When Dr. Ficker and his team see patients who have failed to get relief from seizures after trying two medications, they recommend a stay in the EMU so that they can determine what type of seizures they are having and where the seizures are coming from. “Testing in the EMU will tell us what direction we can take to get the seizures under control,” Dr. Ficker says.

People who have failed to get relief after trying two medications are said to have medication-resistant or “refractory” epilepsy. Unfortunately, the success rate for a third medication after two have failed is only 5 percent, Dr. Ficker says. “The success rate for a fourth, fifth or sixth medication is even lower.”

Nevertheless, patients will often spend 15 to 20 years coping with refractory epilepsy before undergoing testing in an EMU.

Testing in the EMU can determine whether a patient is a candidate for surgery or brain stimulation, Dr. Ficker says.

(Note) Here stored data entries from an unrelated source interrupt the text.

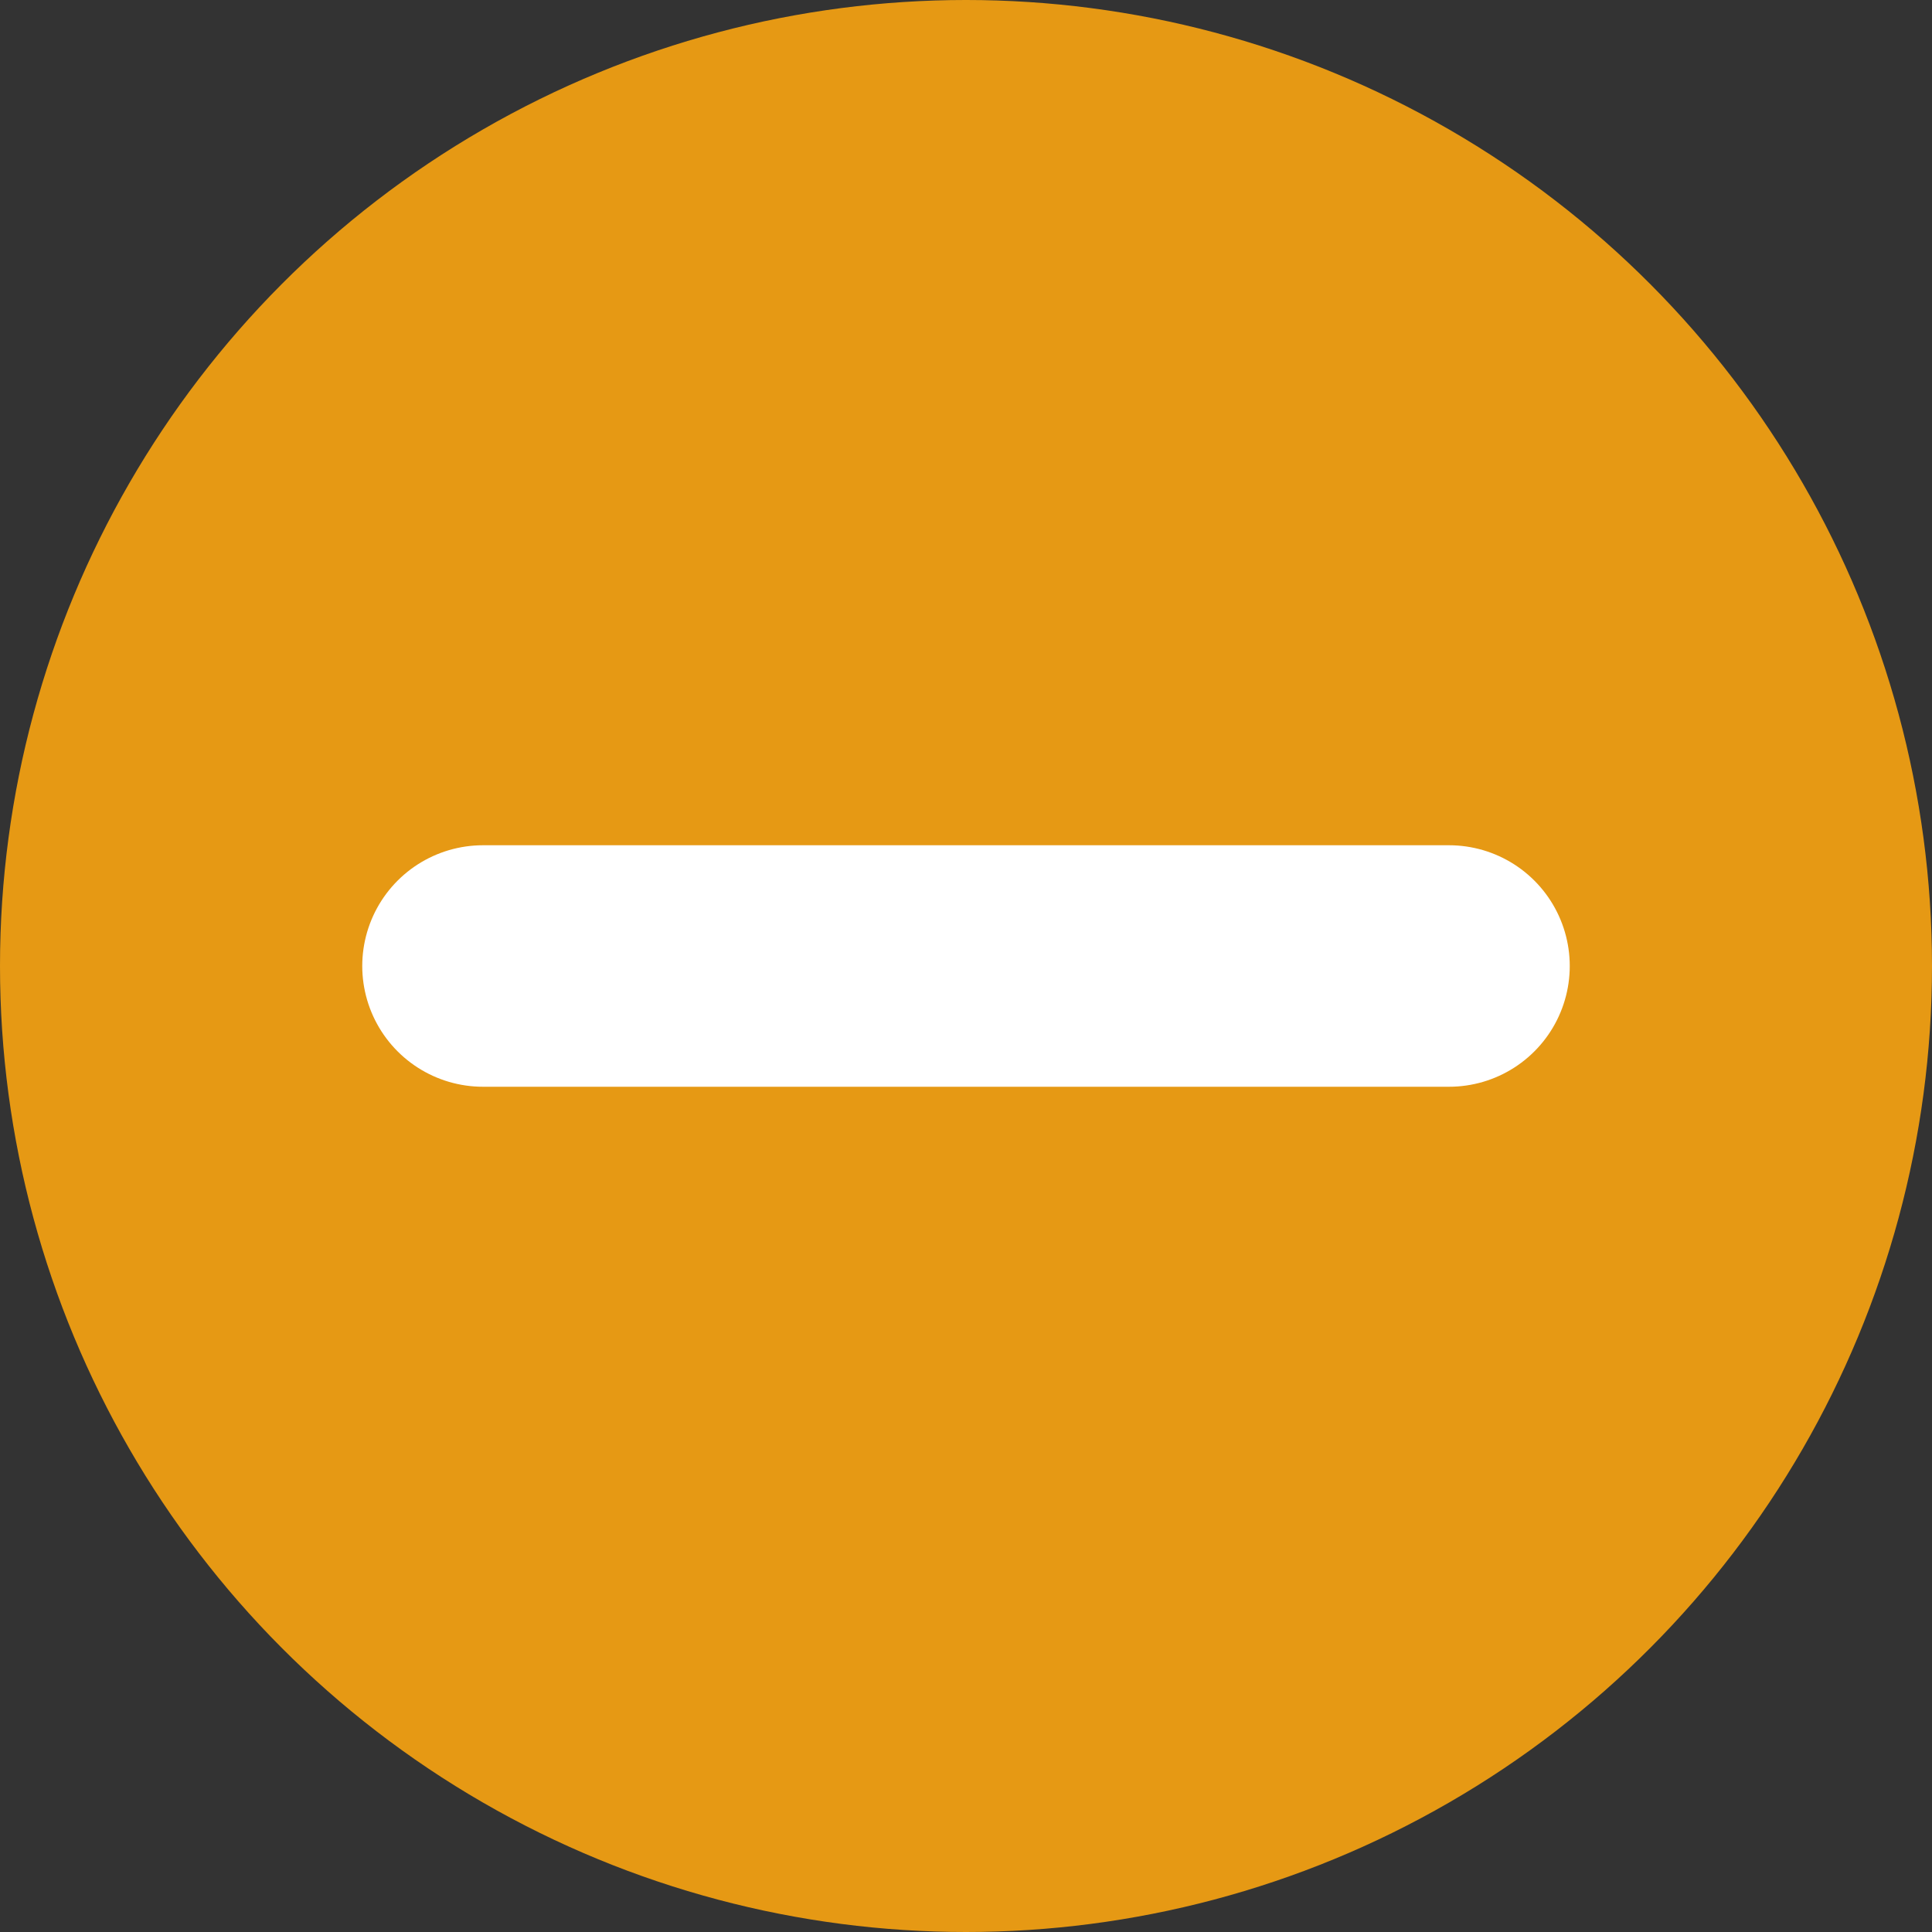 <svg xmlns="http://www.w3.org/2000/svg"
     viewBox="0 0 40 40">
  <rect x="0" y="0" width="40" height="40" fill="#333333" stroke="none"/>
  <circle
      cx="20" cy="20" r="20"
      fill="rgb(230,153,20)" stroke="none"
      />
  <line
      x1="10" y1="20" x2="30" y2="20"
      stroke="white" stroke-width="5" stroke-linecap="round"
      />
</svg>

Patients with temporal lobe epilepsy can often be successfully treated with surgery, which involves removing a small piece of the brain where the seizures are originating. “If I see someone who has failed two drugs and is diagnosed with temporal lobe epilepsy, we’ll probably recommend to that patient that they consider surgery.”

Dr. Ficker may recommend other treatments, including vagus nerve stimulation (VNS), for patients whose seizures are not emanating from the temporal lobe.

“We try to get aggressive in seizure treatments for patients with refractory epilepsy,” Dr. Ficker says. “This could involve a medication change or looking at other options such as stimulation devices or a carbohydrate-restricted diet.”

The UC Epilepsy Center has been approved to implant a device known as the RNS responsive stimulator, a programmable, battery-powered device that delivers electrical pulses to the brain via implanted leads. The device also includes EEG recording capabilities. When the device detects abnormal brain activity (an impending seizure), it responds by producing a mild stimulation that “re-sets” brain activity to its normal level, thereby stopping the seizure in its tracks. The device is manufactured by NeuroPace.

Helping patients with medication-resistant seizures is important because of a small but real risk known as SUDEP, or sudden unexpected death in epilepsy. SUDEP is the sudden death of a person known to have epilepsy when no other reason for the death exists. It is seizure-related and is likely the result of respiratory or cardiac arrest.

Studies in the medical literature indicate that SUDEP occurs in one of every thousand people with epilepsy, Dr. Ficker says. “Overall, it may not seem like a huge number. But if you look at specific populations of people with epilepsy, the rate is higher in patients who are classified as having poorly controlled seizures. We think that poorly controlled seizures is a risk factor for SUDEP.”

Historically, many physicians have avoided discussing SUDEP with their patients who have epilepsy because the risk is low and they fear of causing unnecessary anxiety. “People with epilepsy are likely to have a lower risk of SUDEP than the risk that they will suffer an injury from a seizure or seizure-related driving accident,” Dr. Ficker says.

But new research, published in the journal Epilepsia, suggests that although most patients and caregivers “reported feelings of fear, anxiety, and sadness after first hearing of SUDEP,” they nevertheless wanted to discuss it with their doctor. Further, while researchers reported that this worry “escalated with knowledge of SUDEP and increased epilepsy severity,” approximately one-half of patients and caregivers “believed that knowledge about SUDEP would influence their epilepsy management.”

Patients, families and caregivers who attend the Nov. 22 epilepsy symposium will learn about all currently available means of controlling seizures.